Homing, and I see blackbird tracks. Deeper than I would have expected. Then I see him. A male blackbird with a black beak. A first for me. The light is changing. Brilliant snow light, billowed clouds, grey shifts of oncoming sleet or hail above the hills, a blast of sun, coppered, fiery, pushing through for a glimpse of us. No time to grab a camera, just watch. See that perfection of heavenly firelight and take it in through your eyes and down down into your heart and let it rest there. Let it rest alongside the paw prints, the slush snow, the brave green honeysuckle and the black beak, and see that everything is point full. Everything.

Island Blog – Pock, Shot, Falling and Holding

Early. I am up for the silence. The silence of snowfall. I hear something that sounds like nothing. A flip and a flop against the roof, the window, like something soft landing, politely. I know rain. I know hail, the blatter and scattermongery of it, the slap and splat against doubled glass, the alert of ice. Rain is easy. Like a friend. A well-known.
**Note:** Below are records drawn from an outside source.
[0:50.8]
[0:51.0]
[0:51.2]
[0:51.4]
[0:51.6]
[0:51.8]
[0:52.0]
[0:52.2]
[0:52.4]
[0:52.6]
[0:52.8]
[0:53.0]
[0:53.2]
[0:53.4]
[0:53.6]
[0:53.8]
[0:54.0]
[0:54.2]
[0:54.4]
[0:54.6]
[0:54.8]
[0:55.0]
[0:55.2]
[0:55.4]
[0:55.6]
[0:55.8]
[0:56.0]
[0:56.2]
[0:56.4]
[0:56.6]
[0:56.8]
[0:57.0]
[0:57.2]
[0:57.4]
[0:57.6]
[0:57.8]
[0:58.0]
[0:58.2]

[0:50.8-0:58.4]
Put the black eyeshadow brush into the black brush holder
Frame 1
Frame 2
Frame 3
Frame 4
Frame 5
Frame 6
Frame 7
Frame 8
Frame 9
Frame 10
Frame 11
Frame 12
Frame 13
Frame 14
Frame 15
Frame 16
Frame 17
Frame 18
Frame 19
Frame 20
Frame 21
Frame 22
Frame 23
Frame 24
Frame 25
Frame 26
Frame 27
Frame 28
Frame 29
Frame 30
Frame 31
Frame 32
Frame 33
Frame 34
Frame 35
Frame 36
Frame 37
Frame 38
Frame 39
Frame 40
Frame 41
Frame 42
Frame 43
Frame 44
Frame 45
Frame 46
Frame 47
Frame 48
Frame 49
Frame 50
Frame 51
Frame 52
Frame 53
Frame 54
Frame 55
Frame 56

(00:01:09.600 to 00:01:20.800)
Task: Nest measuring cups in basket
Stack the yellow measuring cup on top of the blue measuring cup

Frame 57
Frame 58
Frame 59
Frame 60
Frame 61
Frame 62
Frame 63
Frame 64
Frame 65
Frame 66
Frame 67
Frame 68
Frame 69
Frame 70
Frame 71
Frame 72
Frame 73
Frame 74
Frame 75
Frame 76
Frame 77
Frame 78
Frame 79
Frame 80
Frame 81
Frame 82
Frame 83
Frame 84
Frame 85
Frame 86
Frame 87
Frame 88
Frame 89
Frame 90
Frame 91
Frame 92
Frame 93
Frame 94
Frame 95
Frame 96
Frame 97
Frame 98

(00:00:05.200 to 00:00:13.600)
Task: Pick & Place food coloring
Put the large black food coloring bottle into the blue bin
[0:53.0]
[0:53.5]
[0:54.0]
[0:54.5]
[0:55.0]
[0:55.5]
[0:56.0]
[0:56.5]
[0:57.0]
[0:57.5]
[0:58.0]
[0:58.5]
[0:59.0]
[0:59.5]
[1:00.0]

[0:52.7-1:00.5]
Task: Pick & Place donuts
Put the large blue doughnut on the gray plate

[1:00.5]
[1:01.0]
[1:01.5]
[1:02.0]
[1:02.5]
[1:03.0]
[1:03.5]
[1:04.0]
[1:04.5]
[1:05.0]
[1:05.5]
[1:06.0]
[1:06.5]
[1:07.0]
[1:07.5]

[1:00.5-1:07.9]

It may cause me to sigh or raise my thinning eyebrows when it comes in the night but I know it nonetheless.

Waking, too early. Darkness with cold fingers, pre my ineffective central heating set for 0600, those ancient radiators puffing like old women losing the will to breathe, the ones affixed below windows as if that was ever a good idea. Hunkering behind thick, light refusing curtains, they pump their lightbulb warmth into a wide open space. But, I tell them, thank you. Good for you, you little cobwebbed fatlings. You do your best. If I had the money, I would sentence them to the metal tip, to landfill, and buy myself those svelte flatscreen daughters of effective heat. I don’t tell them that.

Walking in snowfall. It feels cold but is, in truth, warmer, or there would be no snow. My boots pock the elevations. I am old enough to know that it is wise to walk upon the elevations, the fresh-fall, where other booted feet have been equally wise. Where the tyre marks ride lie ice and a potential slip. I don’t beckon a slip, potential or otherwise, with my spindleshanks and my old bones that, apparently, break on contact, first with gravity and thence with a landing. We are not so good at landing as we age. Too much caught in the fear of it, tense, awkward, doomed.

My boots follow the high riser boots that have gone before, invisible walkers who only came today. I am enough of a tracker to know this. Pock, pock, scrunch, scrunch, my boots louding the sound of distant gunfire. I think of the trenches, of war. That sound must have brought such fear to listening hearts hiding in the dark. I notice the tracks. A man here, a bit overweight, or maybe just confident and well-balanced, his head and body strong above his striding legs. A child here and another, a bigger child. but both walking at ten to two, as we were always encouraged (enforced) to do. Here, someone, a woman perhaps, lighter of foot, and distant from the familial group. Or, maybe she walked alone and the other prints relate not to her snow traverse. I will never know. The scoot and slush of a bicycle, hollowing out the resistant mud of the woods, easy to slop and skew, wiggling and re-founding on its passage through the trees, beneath the moss-covered trunk of the massive Elvish Beech. Rounding back onto the other track, I study a flush of blown snow from last night creeping up the almost fallen trunk of a massive pine. It has fallen, but not quite, against another somewhat weaker tree. It makes me think of family, of sisters and of brother. I am huge. I falter and fall, but you are there and I know I am putting an inhuman pressure on you, but look at you……you are holding me up.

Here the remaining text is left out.